=== Section Start ===

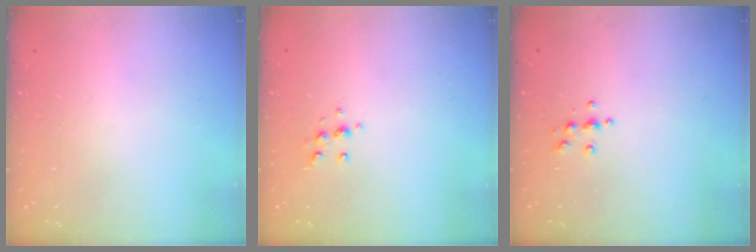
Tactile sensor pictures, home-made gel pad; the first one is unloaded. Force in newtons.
{"total": 6.2, "press": 6.2, "slide": 0.8}
{"total": 4.0, "press": 3.9, "slide": 0.4}
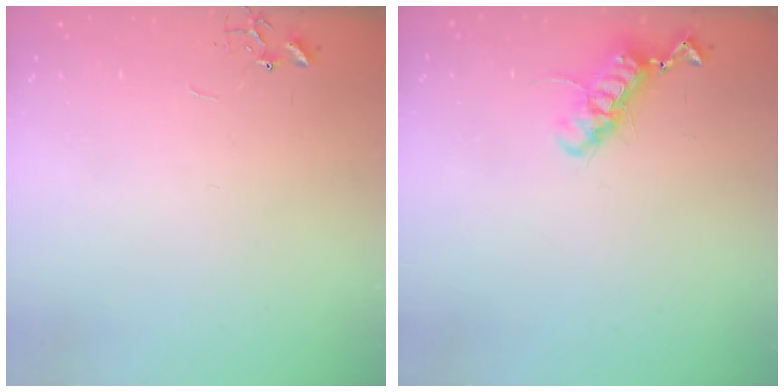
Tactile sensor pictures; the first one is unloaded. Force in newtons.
{"total": 12.0, "press": 12.0, "slide": 1.3}
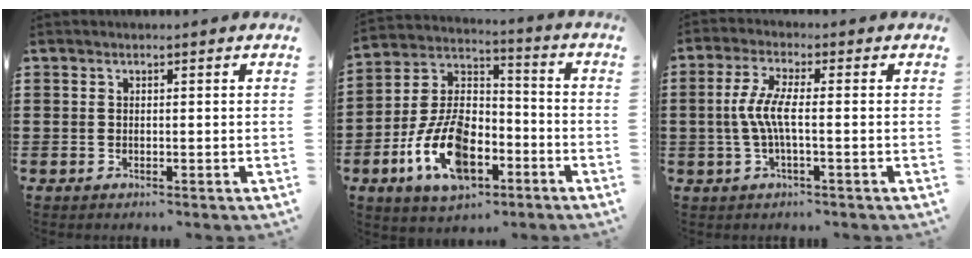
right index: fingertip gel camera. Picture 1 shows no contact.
{"total": 12.8, "force": [-5.9, 7.0, 9.0], "torque": [-0.203, 0.010, -0.111]}
{"total": 5.3, "force": [-0.7, 0.9, 5.2], "torque": [-0.123, -0.009, -0.024]}
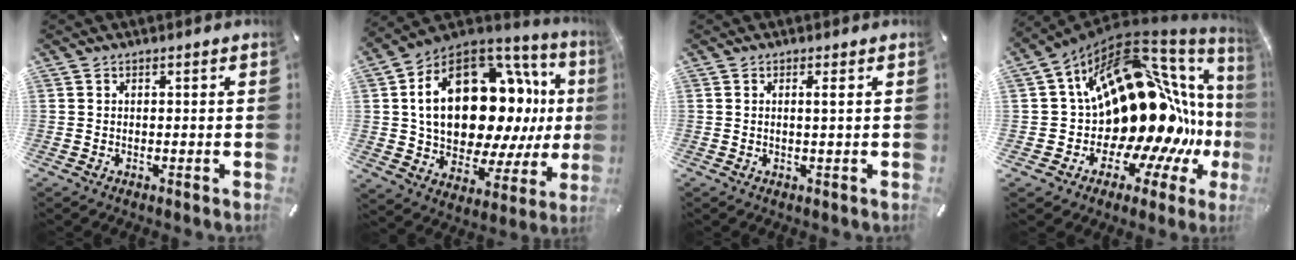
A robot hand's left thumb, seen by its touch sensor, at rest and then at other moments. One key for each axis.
{"total": 26.1, "fx": 6.3, "fy": 15.1, "fz": 20.3, "tx": -0.352, "ty": -0.049, "tz": 0.114}
{"total": 1.9, "fx": 0.4, "fy": -0.2, "fz": 1.9, "tx": -0.037, "ty": -0.006, "tz": 0.007}
{"total": 21.4, "fx": 2.6, "fy": 12.3, "fz": 17.3, "tx": -0.208, "ty": -0.122, "tz": 0.085}
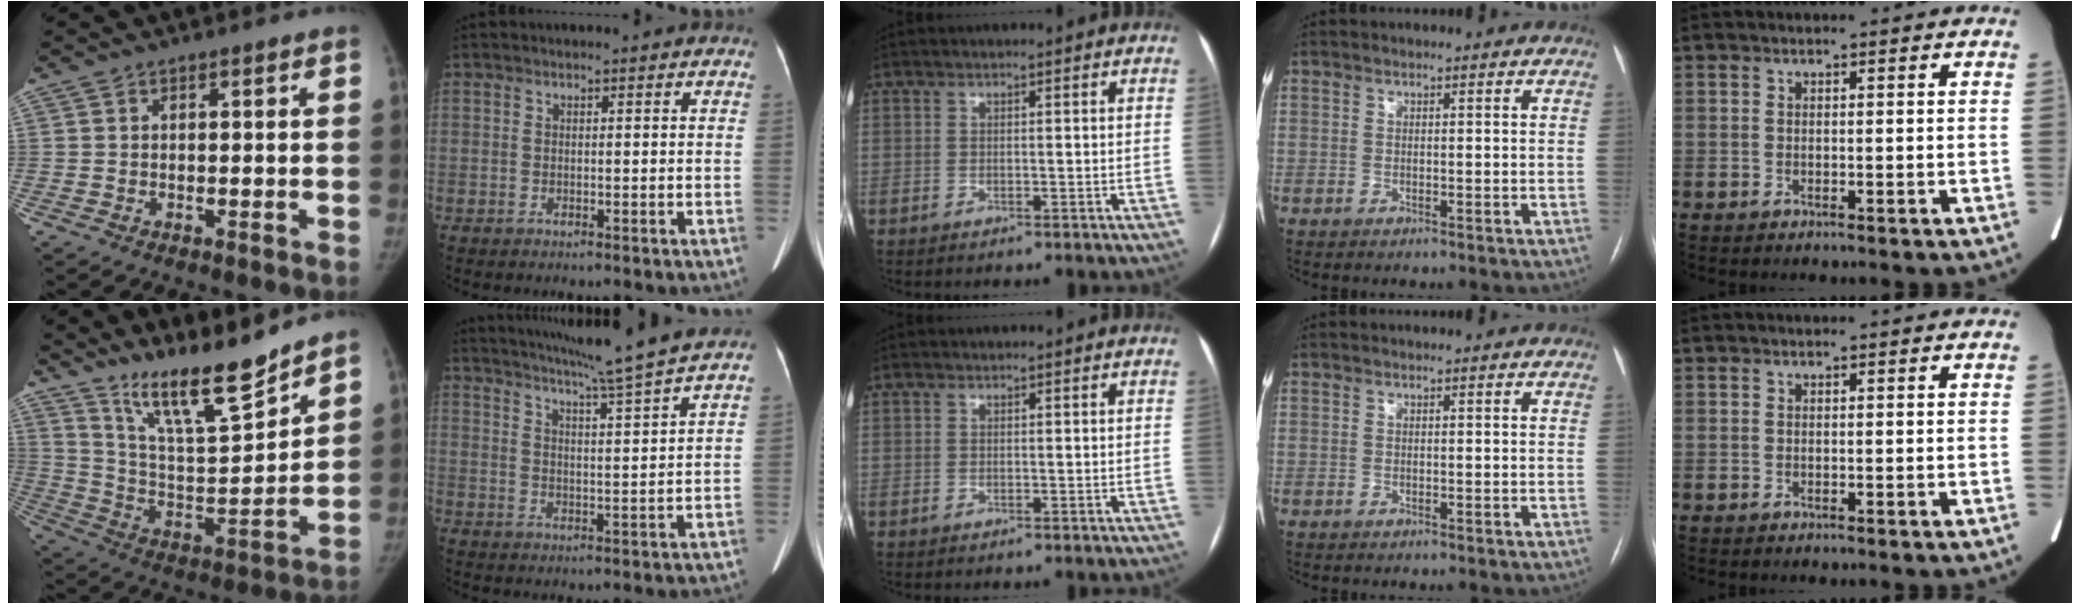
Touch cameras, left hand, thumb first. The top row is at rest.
{"thumb": {"total": 16.2, "force": [13.4, 2.4, 8.8], "torque": [-0.125, -0.090, 0.245]}, "index": {"total": 11.0, "force": [9.6, -2.4, 4.9], "torque": [-0.086, -0.019, 0.142]}, "middle": {"total": 1.8, "force": [-0.7, -1.4, -1.0], "torque": [0.018, -0.003, -0.012]}}
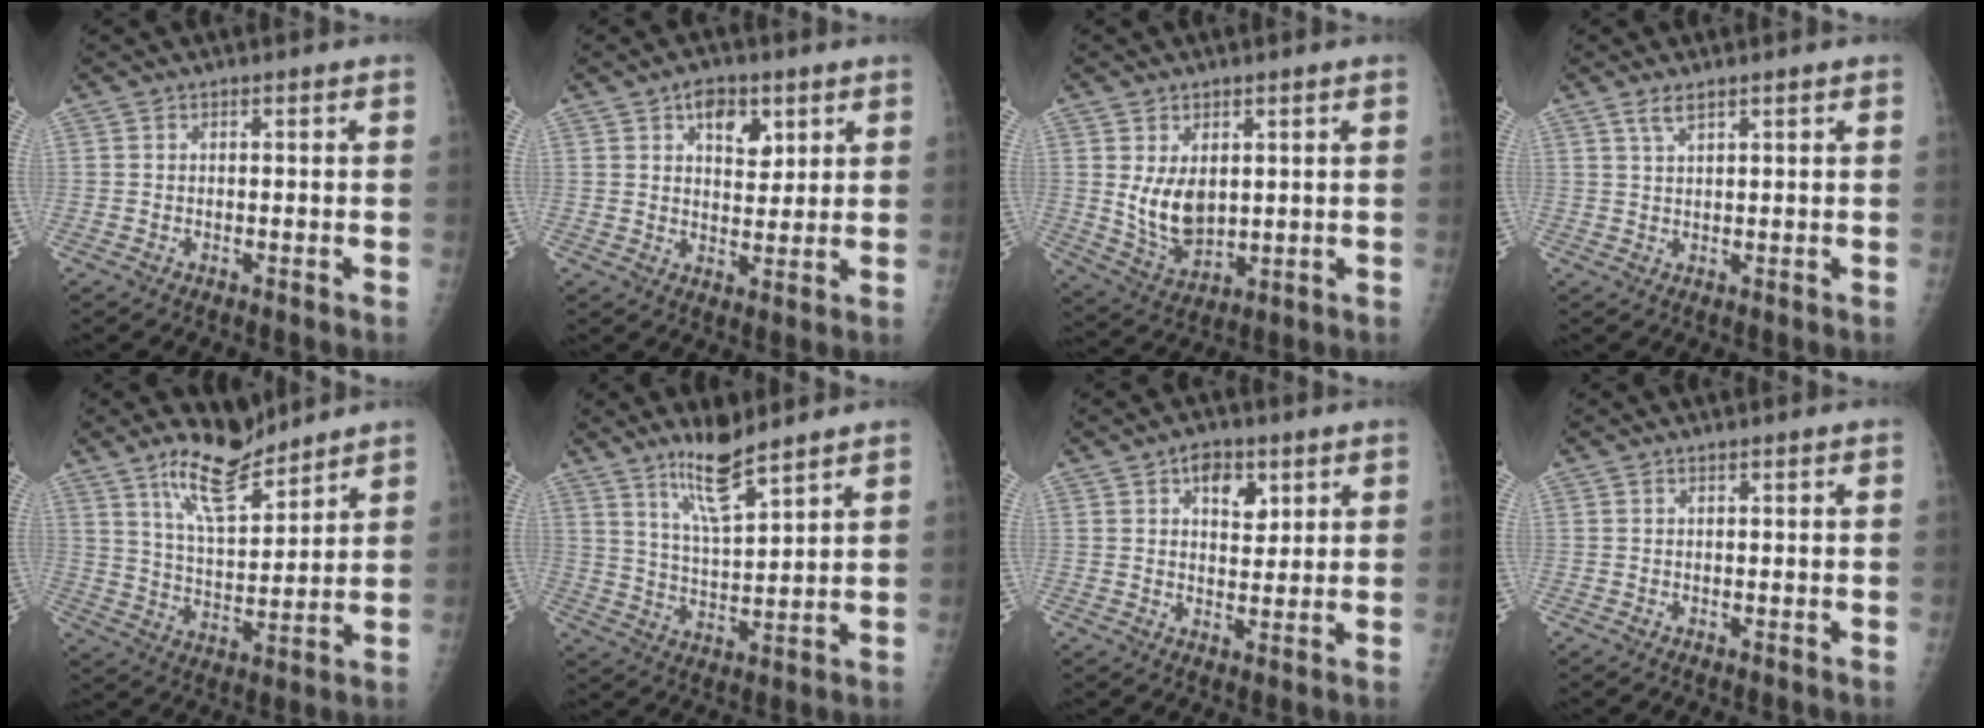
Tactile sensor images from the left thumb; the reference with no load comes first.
{"total": 6.8, "force": [3.3, 4.2, 4.3], "torque": [-0.035, -0.016, 0.049]}
{"total": 8.1, "force": [1.5, 5.2, 6.0], "torque": [-0.089, -0.022, 0.046]}
{"total": 2.2, "force": [1.5, 0.5, 1.5], "torque": [-0.033, -0.002, 0.034]}
{"total": 10.8, "force": [8.7, 3.2, 5.6], "torque": [-0.086, -0.064, 0.166]}
{"total": 9.0, "force": [6.9, 1.4, 5.7], "torque": [-0.101, -0.055, 0.136]}
{"total": 6.1, "force": [2.8, 3.8, 3.8], "torque": [-0.028, -0.013, 0.040]}
{"total": 0.0}
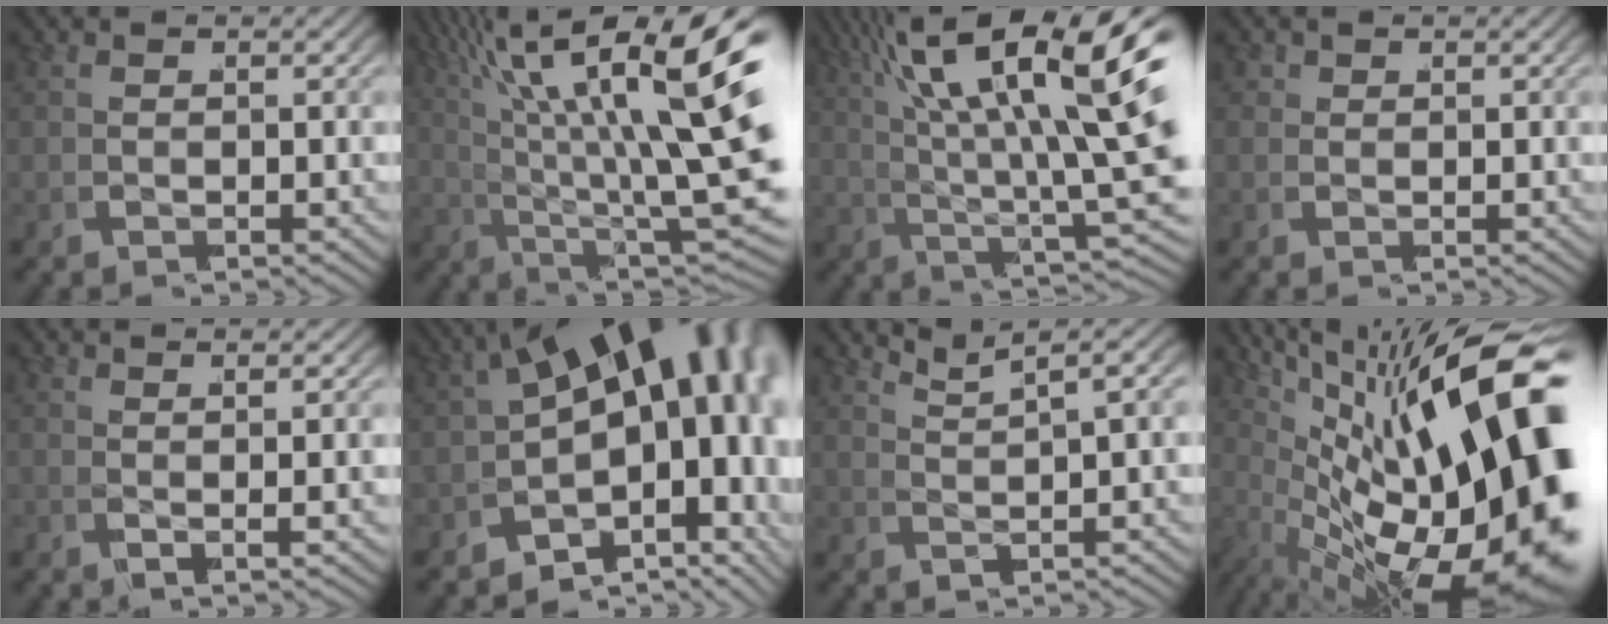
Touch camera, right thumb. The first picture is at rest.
{"total": 13.0, "force": [1.3, 6.4, 11.2], "torque": [-0.180, -0.029, 0.026]}
{"total": 12.2, "force": [2.1, 5.2, 10.8], "torque": [-0.164, -0.012, 0.035]}
{"total": 0.6, "force": [0.4, 0.2, -0.4], "torque": [0.006, -0.002, 0.007]}
{"total": 1.5, "force": [0.9, -0.2, 1.2], "torque": [-0.017, 0.003, 0.011]}
{"total": 18.6, "force": [0.5, 11.4, 14.7], "torque": [-0.215, -0.012, -0.012]}
{"total": 4.1, "force": [3.1, 0.9, 2.6], "torque": [-0.023, 0.017, 0.046]}
{"total": 22.0, "force": [-2.9, 12.6, 17.8], "torque": [-0.296, -0.062, -0.012]}
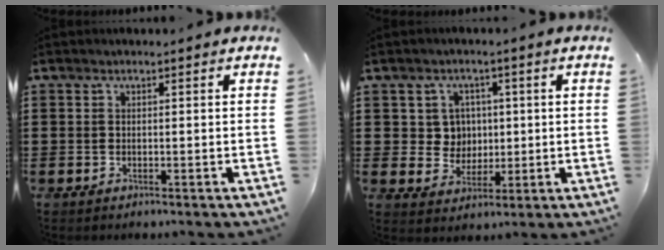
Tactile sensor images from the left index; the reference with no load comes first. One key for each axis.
{"total": 4.8, "fx": 1.0, "fy": 4.5, "fz": 1.1, "tx": -0.046, "ty": 0.015, "tz": 0.017}
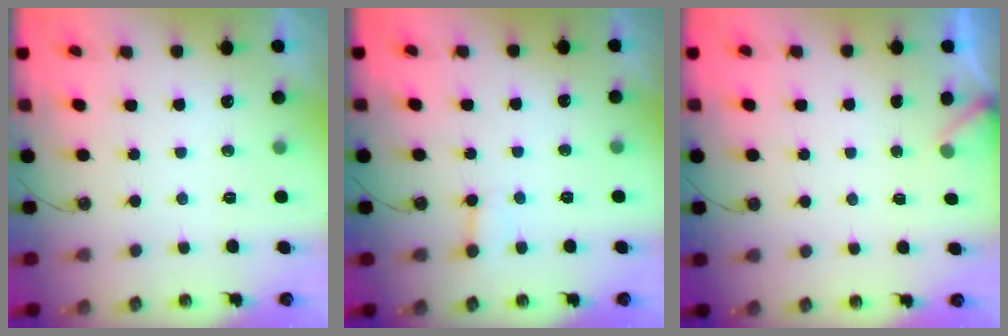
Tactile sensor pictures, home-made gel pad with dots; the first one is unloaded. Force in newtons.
{"total": 5.2, "press": 5.1, "slide": 0.5}
{"total": 1.7, "press": 1.7, "slide": 0.1}
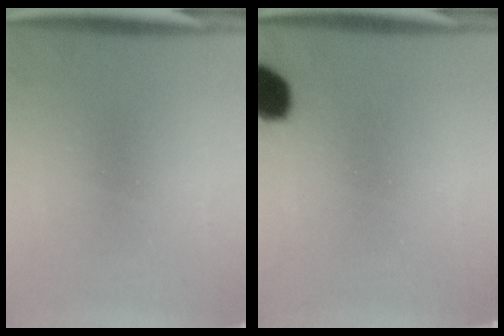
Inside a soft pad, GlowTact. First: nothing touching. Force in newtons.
{"total": 7.3}
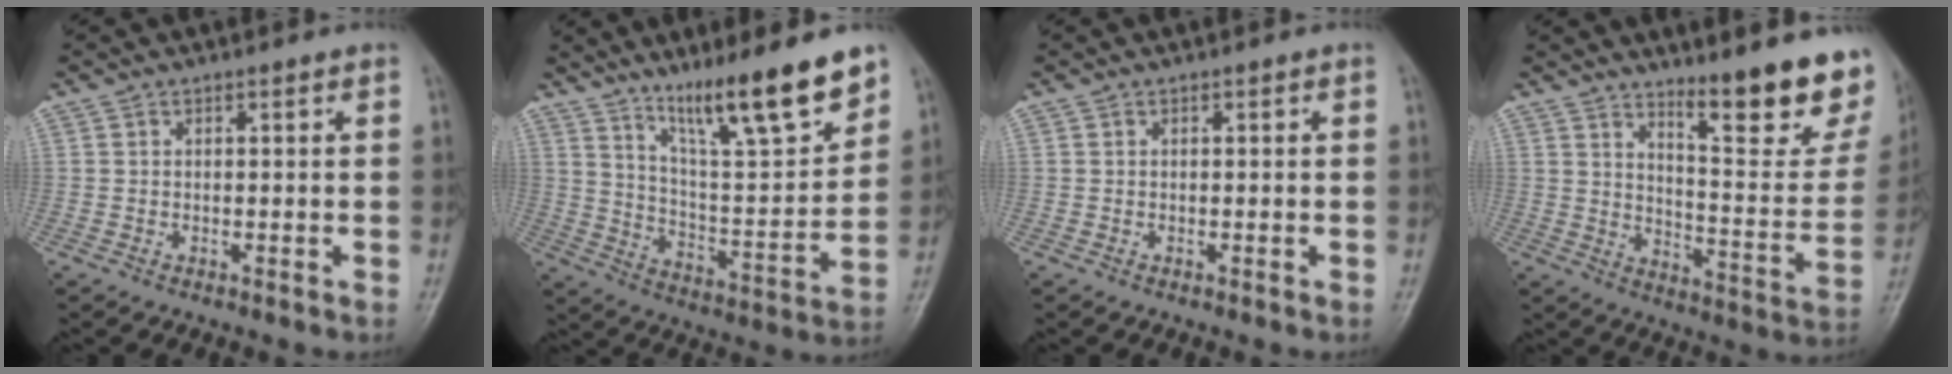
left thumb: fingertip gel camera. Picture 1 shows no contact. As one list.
[{"total": 17.3, "force": [12.3, 2.6, 11.9], "torque": [-0.169, -0.077, 0.212]}, {"total": 0.0}, {"total": 18.9, "force": [12.9, 4.1, 13.2], "torque": [-0.141, -0.099, 0.186]}]
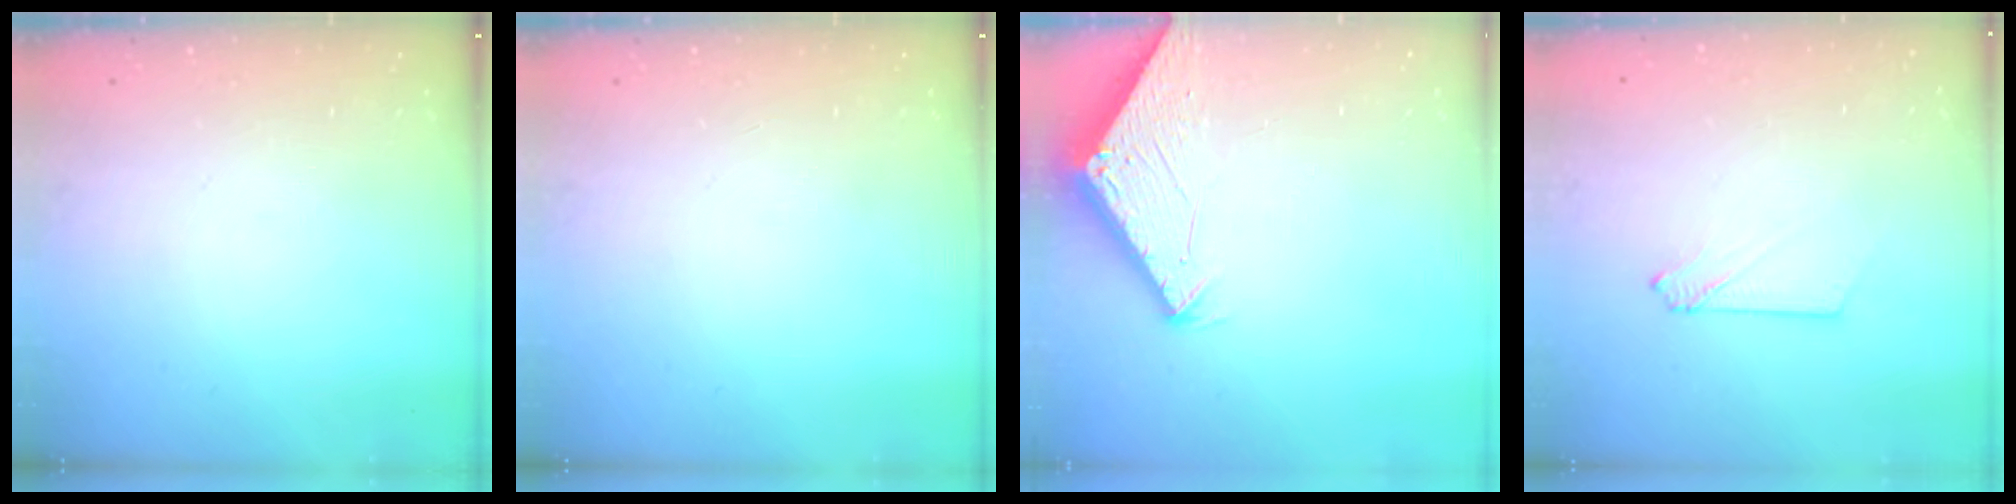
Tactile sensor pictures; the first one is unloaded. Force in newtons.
{"total": 0.0}
{"total": 2.9, "press": 2.9, "slide": 0.2}
{"total": 2.1, "press": 2.1, "slide": 0.3}
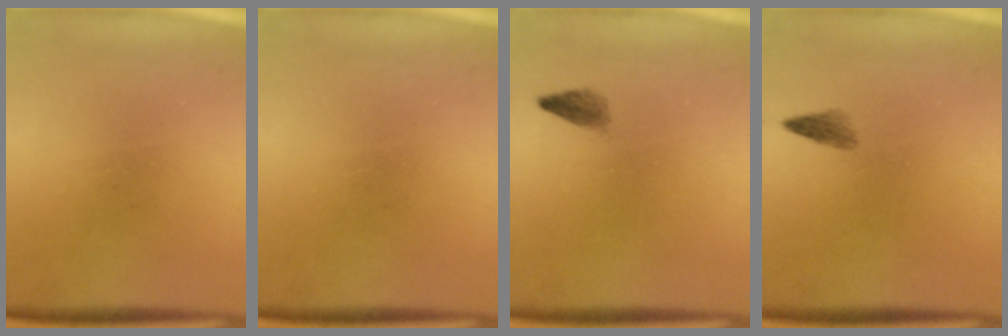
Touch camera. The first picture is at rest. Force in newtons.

=== Section End ===

Your instructions. Retype the records above exactly, leaving every picture out of your copy.

Solution below.
Tactile sensor pictures, home-made gel pad; the first one is unloaded. Force in newtons.
{"total": 6.2, "press": 6.2, "slide": 0.8}
{"total": 4.0, "press": 3.9, "slide": 0.4}
Tactile sensor pictures; the first one is unloaded. Force in newtons.
{"total": 12.0, "press": 12.0, "slide": 1.3}
right index: fingertip gel camera. Picture 1 shows no contact.
{"total": 12.8, "force": [-5.9, 7.0, 9.0], "torque": [-0.203, 0.010, -0.111]}
{"total": 5.3, "force": [-0.7, 0.9, 5.2], "torque": [-0.123, -0.009, -0.024]}
A robot hand's left thumb, seen by its touch sensor, at rest and then at other moments. One key for each axis.
{"total": 26.1, "fx": 6.3, "fy": 15.1, "fz": 20.3, "tx": -0.352, "ty": -0.049, "tz": 0.114}
{"total": 1.9, "fx": 0.4, "fy": -0.2, "fz": 1.9, "tx": -0.037, "ty": -0.006, "tz": 0.007}
{"total": 21.4, "fx": 2.6, "fy": 12.3, "fz": 17.3, "tx": -0.208, "ty": -0.122, "tz": 0.085}
Touch cameras, left hand, thumb first. The top row is at rest.
{"thumb": {"total": 16.2, "force": [13.4, 2.4, 8.8], "torque": [-0.125, -0.090, 0.245]}, "index": {"total": 11.0, "force": [9.6, -2.4, 4.9], "torque": [-0.086, -0.019, 0.142]}, "middle": {"total": 1.8, "force": [-0.7, -1.4, -1.0], "torque": [0.018, -0.003, -0.012]}}
Tactile sensor images from the left thumb; the reference with no load comes first.
{"total": 6.8, "force": [3.3, 4.2, 4.3], "torque": [-0.035, -0.016, 0.049]}
{"total": 8.1, "force": [1.5, 5.2, 6.0], "torque": [-0.089, -0.022, 0.046]}
{"total": 2.2, "force": [1.5, 0.5, 1.5], "torque": [-0.033, -0.002, 0.034]}
{"total": 10.8, "force": [8.7, 3.2, 5.6], "torque": [-0.086, -0.064, 0.166]}
{"total": 9.0, "force": [6.9, 1.4, 5.7], "torque": [-0.101, -0.055, 0.136]}
{"total": 6.1, "force": [2.8, 3.8, 3.8], "torque": [-0.028, -0.013, 0.040]}
{"total": 0.0}
Touch camera, right thumb. The first picture is at rest.
{"total": 13.0, "force": [1.3, 6.4, 11.2], "torque": [-0.180, -0.029, 0.026]}
{"total": 12.2, "force": [2.1, 5.2, 10.8], "torque": [-0.164, -0.012, 0.035]}
{"total": 0.6, "force": [0.4, 0.2, -0.4], "torque": [0.006, -0.002, 0.007]}
{"total": 1.5, "force": [0.9, -0.2, 1.2], "torque": [-0.017, 0.003, 0.011]}
{"total": 18.6, "force": [0.5, 11.4, 14.7], "torque": [-0.215, -0.012, -0.012]}
{"total": 4.1, "force": [3.1, 0.9, 2.6], "torque": [-0.023, 0.017, 0.046]}
{"total": 22.0, "force": [-2.9, 12.6, 17.8], "torque": [-0.296, -0.062, -0.012]}
Tactile sensor images from the left index; the reference with no load comes first. One key for each axis.
{"total": 4.8, "fx": 1.0, "fy": 4.5, "fz": 1.1, "tx": -0.046, "ty": 0.015, "tz": 0.017}
Tactile sensor pictures, home-made gel pad with dots; the first one is unloaded. Force in newtons.
{"total": 5.2, "press": 5.1, "slide": 0.5}
{"total": 1.7, "press": 1.7, "slide": 0.1}
Inside a soft pad, GlowTact. First: nothing touching. Force in newtons.
{"total": 7.3}
left thumb: fingertip gel camera. Picture 1 shows no contact. As one list.
[{"total": 17.3, "force": [12.3, 2.6, 11.9], "torque": [-0.169, -0.077, 0.212]}, {"total": 0.0}, {"total": 18.9, "force": [12.9, 4.1, 13.2], "torque": [-0.141, -0.099, 0.186]}]
Tactile sensor pictures; the first one is unloaded. Force in newtons.
{"total": 0.0}
{"total": 2.9, "press": 2.9, "slide": 0.2}
{"total": 2.1, "press": 2.1, "slide": 0.3}
Touch camera. The first picture is at rest. Force in newtons.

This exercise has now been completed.